Once you have BERT set up and running, you can use BERT for inference tasks. Two sample Python scripts are provided:
compare_pdfs.py: This Python script extracts text from two PDF files, chunks it, generates embeddings, builds a document‑level embedding for each document, and computes similarity between the 2 files.compare_jsons.py: This sample Python script extracts and processes text from two JSON files, generates embeddings for each entry, and computes an unordered set-level semantic similarity between the two files.
These scripts do not use the bert-base-uncased model in the Transformers library, as BERT models are not specifically trained for semantic similarity. Instead, the scripts use a SBERT model all-mpnet-base-v2 in the Sentence Transformers library.
To set up and run SBERT, perform the following tasks in order:
The Hugging Space Sentence Transformers library provides pre-trained SBERT models that you can load in Pytorch.
To install the library:
- In the activated virtual environment, run
pip install sentence-transformers.
To perform semantic similarity analysis on two text sources:
- Prepare two PDFs or JSONs for analysis.

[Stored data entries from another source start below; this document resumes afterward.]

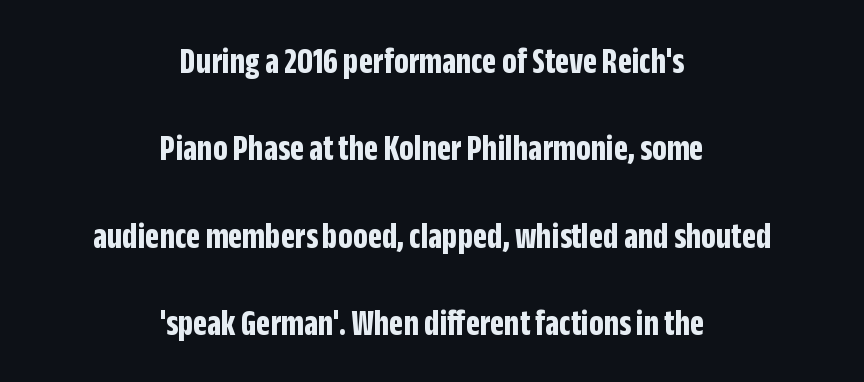
Both edges are ragged and mirror each other, which tells us the setting is centered. The face used here has the dense, thick strokes of a bold. The rendering uses natural spacing where letterforms have individual widths. A typesetter would label this face a sans.
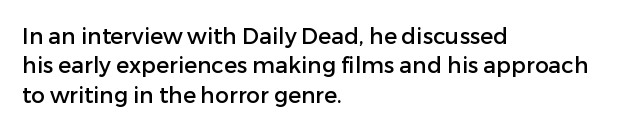
Q: Is the text italic (slanted)? A: No, it is upright.
Q: Is the text underlined? A: No.
Q: How is the paragraph aligned? A: Left-aligned.
Q: Is the spacing between letters normal or unusually wide? A: Normal.
Q: Is the spacing between lines tight, normal or loose? A: Normal.
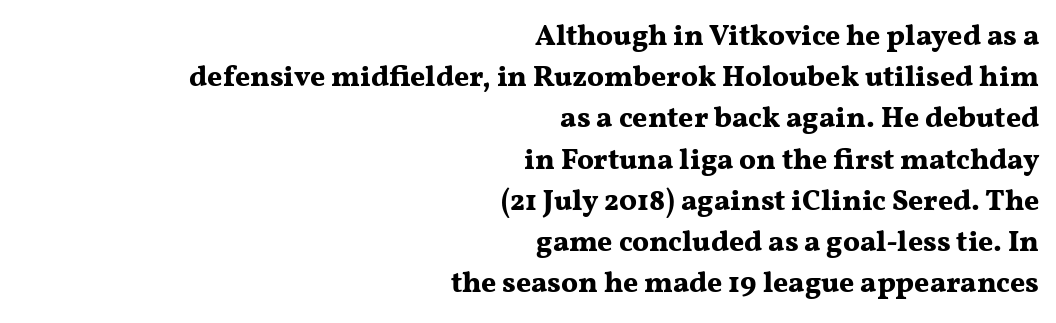
The image shows 29 px bold, wide serif type, upright; set right-aligned, normal line spacing (1.42x), normal letter spacing, not underlined; medium stroke contrast and a medium x-height.
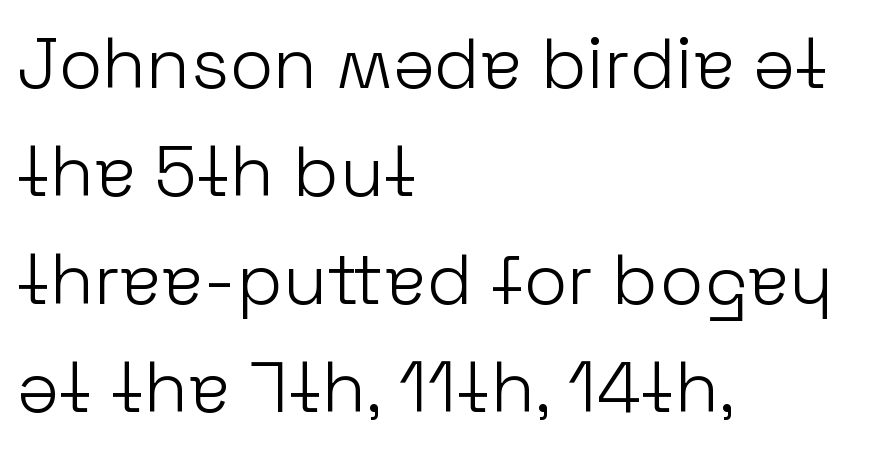
Varying glyph widths throughout — classic text-font behaviour. Compared with a centered layout, this one pins lines to the left instead. The lines sit at an ordinary, default distance from one another. A typesetter would label this face a sans.
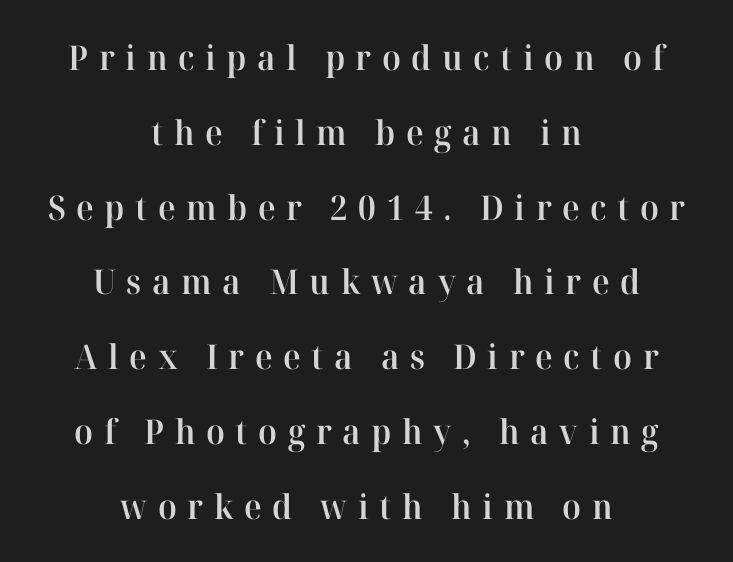
{"serif": "yes", "italic": "no", "bold": "semi", "weight": "semibold", "width": "normal", "stroke_contrast": "high", "x_height": "medium", "monospaced": "no", "underline": "no", "align": "center", "line_spacing": "loose", "line_spacing_ratio": 2.2, "letter_spacing": "wide", "letter_spacing_em": 0.31, "glyph_px": 34}

- In your activated virtual environment, run one of the provided Python scripts:
python <script_name> <text1_name> <text2_name>. E.g.python compare_pdfs.py pdf1.pdf pdf2.pdf
A semantic similarity score is produced.
AI was used to assist with configuring the Pytorch environment, setting up BERT models, and generating code samples and scripts. All other content, including the instructions as seen in the README file, was drafted and reviewed manually.